You're tired after doing unaccustomed exercise? In other news, the pope is a catholic and if you go down to the woods today you'll surprise a bear doing something.

Seriously, don't worry about it. Holding 17mph+ for an hour and three-quarters is going some - typical touring pace is more like 12mph, and if you read the audax reports they'll take about 13-14mph. Cycling is tough, physical work, and will make you tired. In time you'll get fitter and be more able to deal with it. I regularly go to the gym for an hour at 9am, working with a PT. Sometimes I come out ready to face the working day.
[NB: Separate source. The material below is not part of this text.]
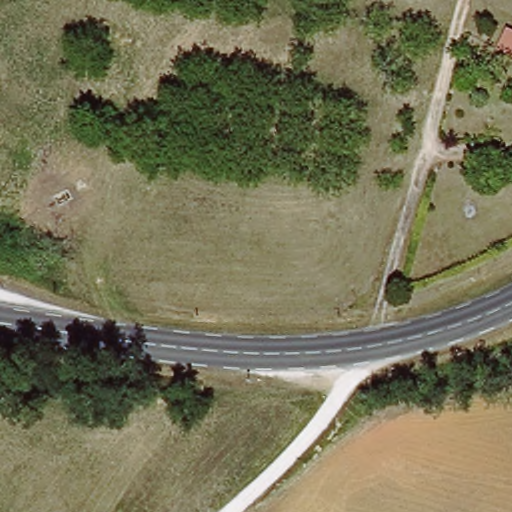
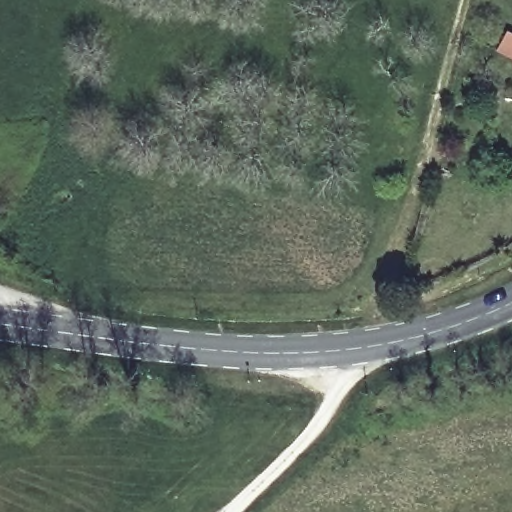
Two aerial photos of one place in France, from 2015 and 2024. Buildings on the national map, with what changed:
unchanged [(512,29),(512,53),(501,48),(510,29),(512,29)]

Sometimes I come out wanting to curl up and go back to sleep.


----------



## Broadside (21 May 2011)

At 30 miles you are breaking new ground. Most people will deplete their stored energy at around the 25 mile mark, so cycling over this sort of distance you should start thinking about taking on some extra food, or use an energy drink.
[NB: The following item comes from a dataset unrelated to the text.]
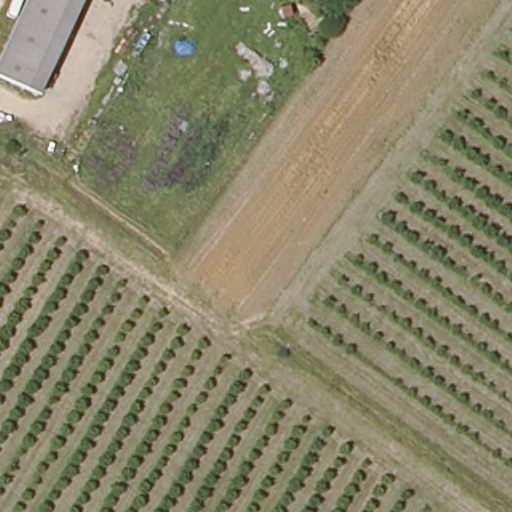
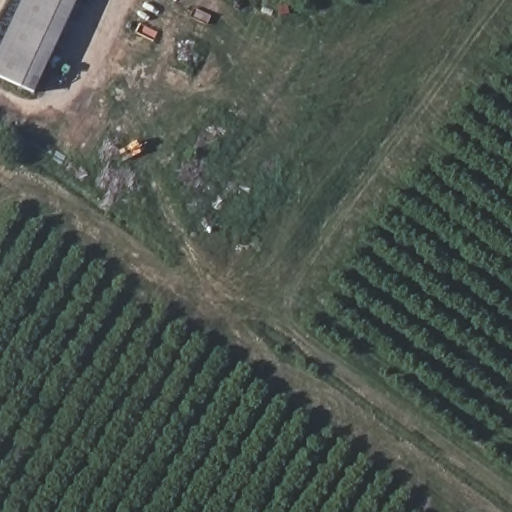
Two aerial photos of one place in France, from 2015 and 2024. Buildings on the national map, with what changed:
unchanged [(9,31),(28,0),(66,0),(13,98),(0,90),(0,53),(9,31)]

It will be a combination of you not being used to the big distance along with exhausting your stored energy. Try eating something like a piece of flapjack or a banana at around 10-15 miles when you go out on your next 30 mile ride. Now you are up to a 30 mile ride it will not take you long to get used to it, good luck.

Also have something to eat when you come in (straight away) so that your body can start replacing what it has just used up.


----------



## Mikeoupe (21 May 2011)

Thanks both,


30 miles without a break is indeed new ground for me and today was the first time I've pre planned the route etc. I felt fine on the bike, in fact I felt great during the last few miles where I was holding some of my fastest speeds. It's just that I've never experienced the urge to go to sleep before.
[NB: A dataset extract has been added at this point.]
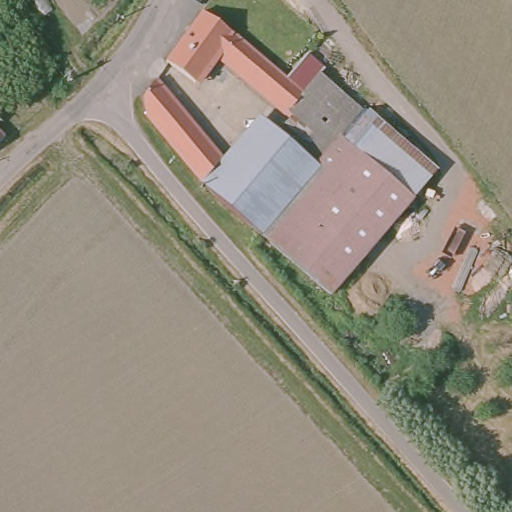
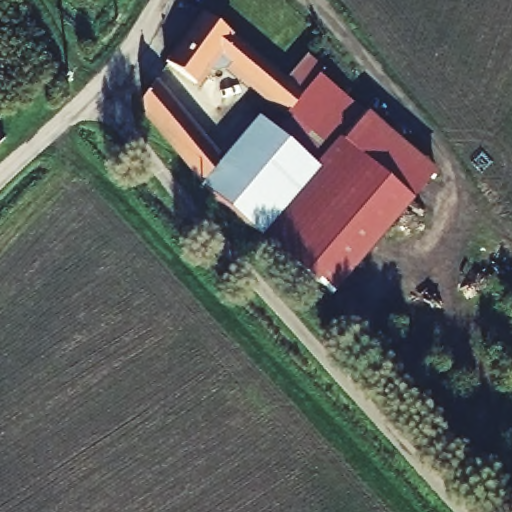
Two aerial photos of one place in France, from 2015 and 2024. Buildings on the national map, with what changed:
unchanged [(244,40),(286,79),(306,95),(291,115),(218,52),(196,80),(164,56),(202,8),(244,40)]
unchanged [(278,130),(291,115),(306,95),(286,79),(308,55),(361,112),(431,179),(334,295),(208,181),(260,119),(278,130)]
unchanged [(152,80),(218,160),(198,180),(141,118),(138,95),(152,80)]
unchanged [(3,131),(0,134),(0,128),(3,131)]

Takeing on board what you both say though, it's obvious that it's a new experience for my body, so we'll just have to work at getting used to it becuse at the moment there are few things I enjoy more than being out on my new road bike!


Thanks Again
Mike


----------



## numbnuts (21 May 2011)

> 30 mile in approx 1hr 45mins


I wish I could do that, I've just come back from a 31.25 mile hilly ride in 2h.25mins


----------



## phil_hg_uk (21 May 2011)

numbnuts said:


> I wish I could do that, I've just come back from a 31.25 mile hilly ride in 2h.25mins



Yes but did you enjoy it after all that is the whole idea doesnt matter how long it takes


----------



## Hacienda71 (21 May 2011)

I sometimes find myself feeling pretty tired and sleepy after a long hard ride. I view it as a sign I have pushed sufficiently on my ride. I don't think there is anything wrong with it, it is part of your bodies recovery process.


----------



## Zoiders (22 May 2011)

Never turn down the chance to take a nap when you need it.

Not being able to switch off and grab a short kip when you need it would be far worse.


----------



## chillyuk (22 May 2011)

I regularly feel the need for a nice nap in the afternoon whether I have been for a ride or not. I just put it down to old age.


----------



## 515mm (22 May 2011)

heh heh heh

after my first sportif (Tour of Pembrokeshire 4 years ago) when we got back home I lay on the lawn and slept for two hours.

I still get sleepy after a long one(4+hours) if I haven't fed properly. It appears to be a fuelling thing (mostly) with me.


----------



## Fab Foodie (22 May 2011)

Today I rode a reasonable 35 miler in blustery conditions, got home, had a shower, roast dinner, half a bottle of Claret and promptly fell asleep on the sofa ....


----------



## mightyquin (23 May 2011)

I did a charity bike ride yesterday, did about 35/40 miles in total, I got in and fell asleep pretty much straight away (after a couple of hours rest in the pub). 

I had saddle problems too, rather uncomfortable and still tired today!


----------